### Recorded data:
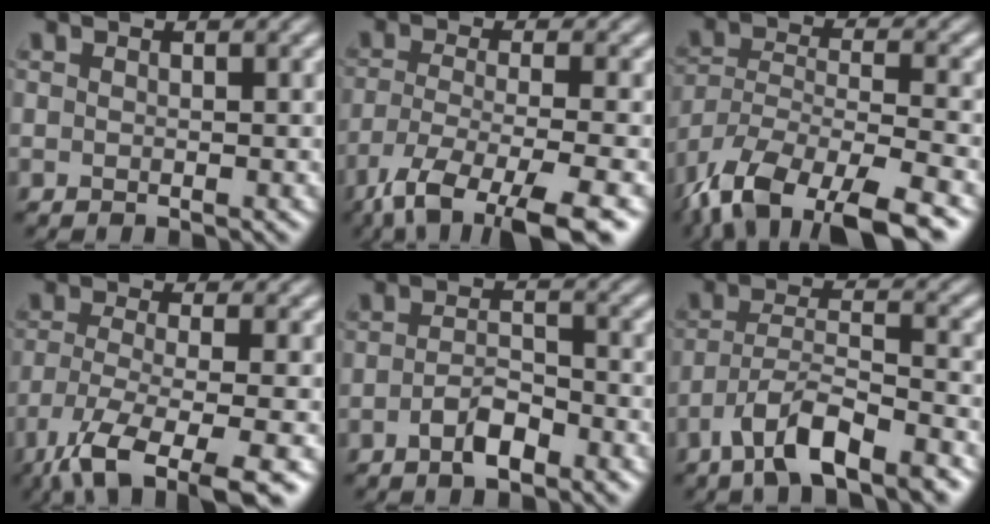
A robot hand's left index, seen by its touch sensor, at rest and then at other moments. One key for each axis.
{"total": 9.3, "fx": -6.4, "fy": 2.3, "fz": 6.4, "tx": -0.117, "ty": -0.012, "tz": -0.114}
{"total": 13.2, "fx": -9.7, "fy": 5.0, "fz": 7.5, "tx": -0.141, "ty": -0.022, "tz": -0.160}
{"total": 8.5, "fx": -5.4, "fy": 2.2, "fz": 6.1, "tx": -0.106, "ty": -0.011, "tz": -0.102}
{"total": 3.1, "fx": -1.8, "fy": 1.3, "fz": 2.2, "tx": -0.041, "ty": 0.004, "tz": -0.035}
{"total": 7.2, "fx": -4.8, "fy": 2.0, "fz": 4.9, "tx": -0.089, "ty": 0.005, "tz": -0.089}
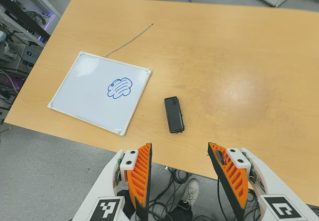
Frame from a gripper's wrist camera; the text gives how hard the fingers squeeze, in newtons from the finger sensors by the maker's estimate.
{"total": 0.0}
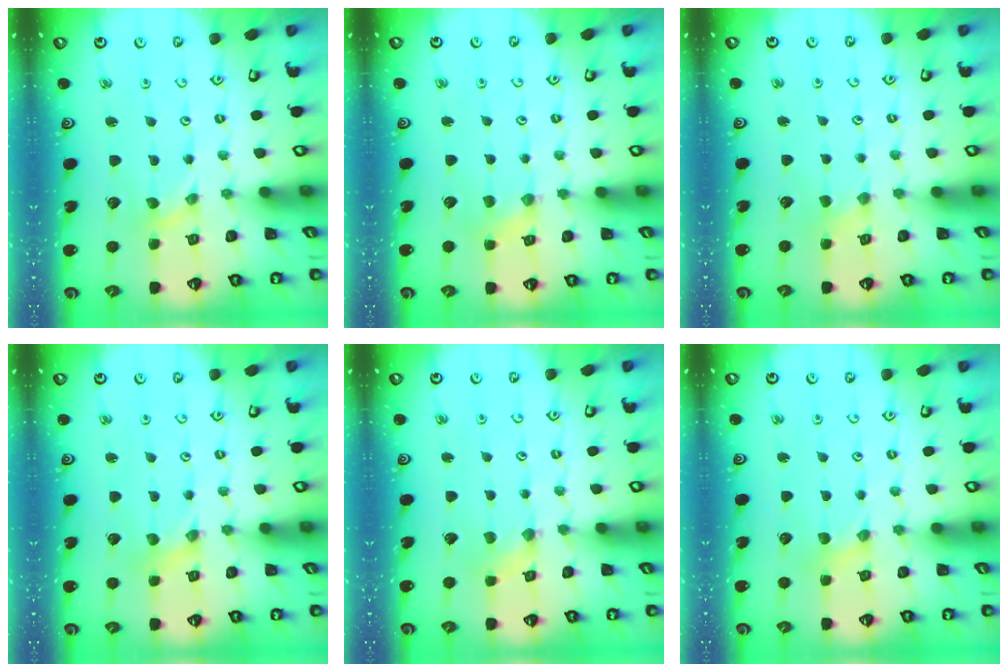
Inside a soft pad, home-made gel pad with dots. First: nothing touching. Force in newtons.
{"total": 2.4, "press": 2.4, "slide": 0.4}
{"total": 0.0}
{"total": 0.0}
{"total": 0.9, "press": 0.9, "slide": 0.3}
{"total": 2.2, "press": 2.2, "slide": 0.4}

### Work to be completed:
Only the lines from the one containing "Frame from a" through the end of the records above should be retyped, exactly as they stand, with any pictures left out.

### Task result:
Frame from a gripper's wrist camera; the text gives how hard the fingers squeeze, in newtons from the finger sensors by the maker's estimate.
{"total": 0.0}
Inside a soft pad, home-made gel pad with dots. First: nothing touching. Force in newtons.
{"total": 2.4, "press": 2.4, "slide": 0.4}
{"total": 0.0}
{"total": 0.0}
{"total": 0.9, "press": 0.9, "slide": 0.3}
{"total": 2.2, "press": 2.2, "slide": 0.4}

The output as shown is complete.